In 2006 Medicare made it mandatory for all pharmacies accepting Medicare as payment for prescriptions become ready for E-Prescriptions.  Two years later, currently in 2008, Medicare is offering doctors who use E-Prescriptions when prescribing prescription medications, a bonus for five years, beginning in 2009.

Because there have been so many errors when it comes to writing and reading prescriptions, and too many of these errors have been fatal, Medicare is doing all it can to get physicians and their offices on board with writing E-Prescriptions, including offering the financial incentive. 
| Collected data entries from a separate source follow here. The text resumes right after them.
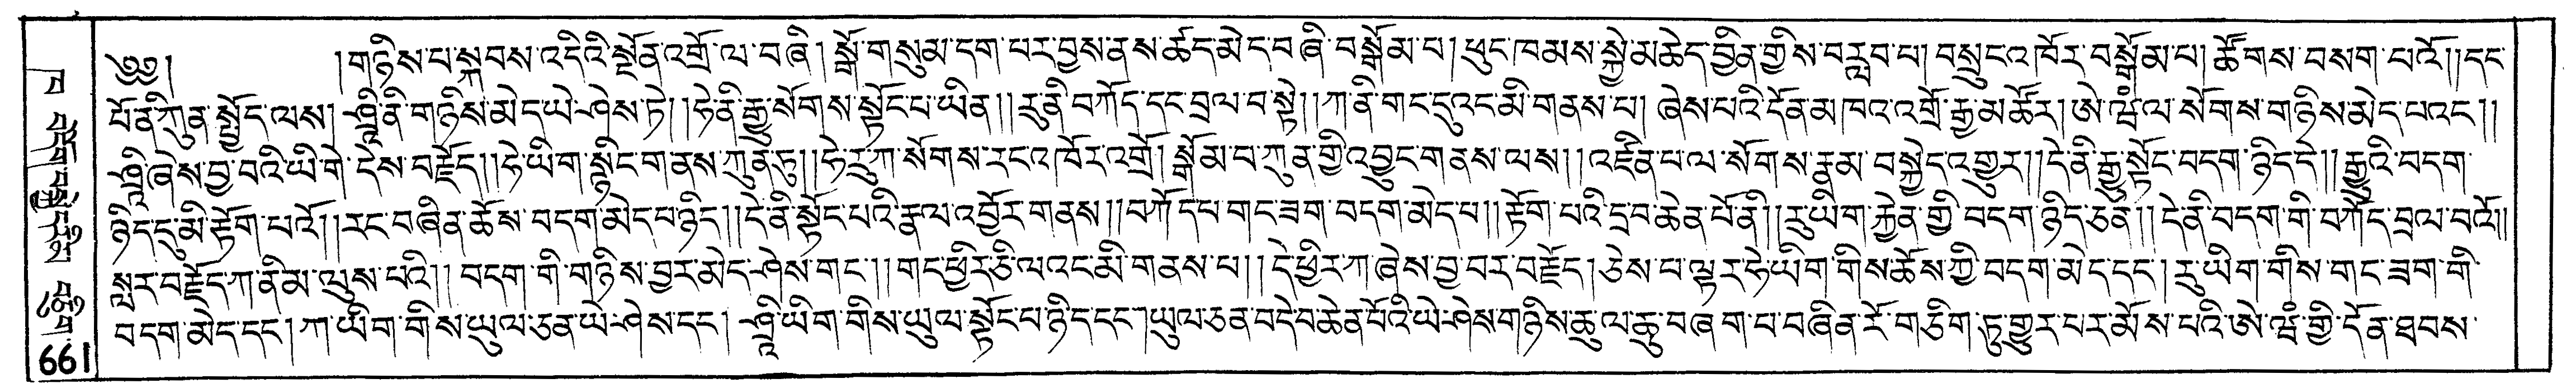༄༅། །གཉིས་པ་སྐབས་འདིའི་སྔོན་འགྲོ་ལ་བཞི། སྒོ་གསུམ་དག་པར་བྱས་ནས་ཚད་མེད་བཞི་བསྒོམ་པ། ཕུང་ཁམས་སྐྱེ་མཆེད་བྱིན་གྱིས་བརླབ་པ། བསྲུང་འཁོར་བསྒོམ་པ། ཚོགས་བསག་པའོ། །དང་
པོ་ནི་ཀུན་སྤྱོད་ལས། ཤྲཱི་ནི་གཉིས་མེད་ཡེ་ཤེས་ཏེ། །ཧེ་ནི་རྒྱུ་སོགས་སྟོང་པ་ཡིན། །རུ་ནི་བཀོད་དང་བྲལ་བ་སྟེ། །ཀ་ནི་གང་དུའང་མི་གནས་པ། ཞེས་པའི་དོན་མཁའ་འགྲོ་རྒྱ་མཚོར། ཨེ་ཝཾ་ལ་སོགས་གཉིས་མེད་པའང་། །
ཤྲཱི་ཞེས་བྱ་བའི་ཡི་གེ་དེས་བརྗོད། །ཧེ་ཡིག་སྙིང་ག་ནས་ཀུན་ཏུ། །ཧེ་རུ་ཀ་སོགས་རང་འཁོར་འགྲོ། སྒོམ་པ་ཀུན་གྱི་འབྱུང་གནས་ལས། །འཛིན་པ་ལ་སོགས་རྣམ་བསྐྱེད་འགྱུར། །དེ་ནི་རྒྱུ་སྟོང་བདག་ཉིད་དེ། །རྒྱུའི་བདག་
ཉིད་དུ་མི་རྟོག་པའོ། །རང་བཞིན་ཆོས་བདག་མེད་པ་ཉིད། །དེ་ནི་སྟོང་པའི་རྣལ་འབྱོར་གནས། །བཀོད་པ་གང་ཟག་བདག་མེད་པ། །རྟོག་པའི་དྲ་བ་ཆེན་པོ་ནི། །རུ་ཡིག་རྐྱེན་གྱི་བདག་ཉིད་ཅན། །དེ་ནི་བདག་གི་བཀོད་བྲལ་བའོ། །
སླར་བརྗོད་ཀ་ནི་མ་ལུས་པའི། །བདག་གི་གཉིས་བྱར་མེད་ཤེས་གང་། །གང་ཕྱིར་ཅི་ལའང་མི་གནས་པ། །དེ་ཕྱིར་ཀ་ཞེས་བྱ་བར་བརྗོད། ཅེས་པ་ལྟར་ཧེ་ཡིག་གིས་ཆོས་ཀྱི་བདག་མེད་དང་། རུ་ཡིག་གིས་གང་ཟག་གི་
བདག་མེད་དང་། ཀ་ཡིག་གིས་ཡུལ་ཅན་ཡེ་ཤེས་དང་། ཤྲཱི་ཡིག་གིས་ཡུལ་སྟོང་པ་ཉིད་དང་། ཡུལ་ཅན་བདེ་བ་ཆེན་པོའི་ཡེ་ཤེས་གཉིས་ཆུ་ལ་ཆུ་བཞག་པ་བཞིན་རོ་གཅིག་ཏུ་གྱུར་པར་མོས་པའི་ཨེ་ཝཾ་གྱི་དོན་ཐབས་

This creates extra money for the doctors, less problems for the pharmacies and more safety for the patients.  That is one side of the situation.

The other side of the situation is that in order for the doctors to be able to write E-Prescriptions, it will involve them buying software and other programs, which will involve them spending extra money.

Though the doctors will be receiving a 2% bonus during the first two years, it is estimated that the cost of the system alone – up front and in advance of bringing in any money – is anywhere from $2,000 to $4,000, which is a good sized investment in an already thinly-stretched medical practice whose Medicare reimbursements usually do not even cover the costs of services to the patients these doctors serve who are using Medicare as payment. 

We are not talking about huge, upscale, overpriced practices here.  We are talking about practices where doctors, nurses, physician’s assistants and others work hard and try to stretch every Medicare dollar in an effort to continue serving as many patients on Medicare as possible.  To a practice such as this, even $1,000 can be a tremendous amount of money.  Even though the doctors will receive the bonus, it may take time for them to recoup the money.

If there is a way for the doctors to sign on to the E-Prescription system and overcome the barrier of the initial cost, it will be a win-win situation for all, especially their patients.  It may take some time for everything to fall into place, however, if even half of the doctors who take Medicare as payment work with E-Prescriptions, many patients lives will be safer because of it.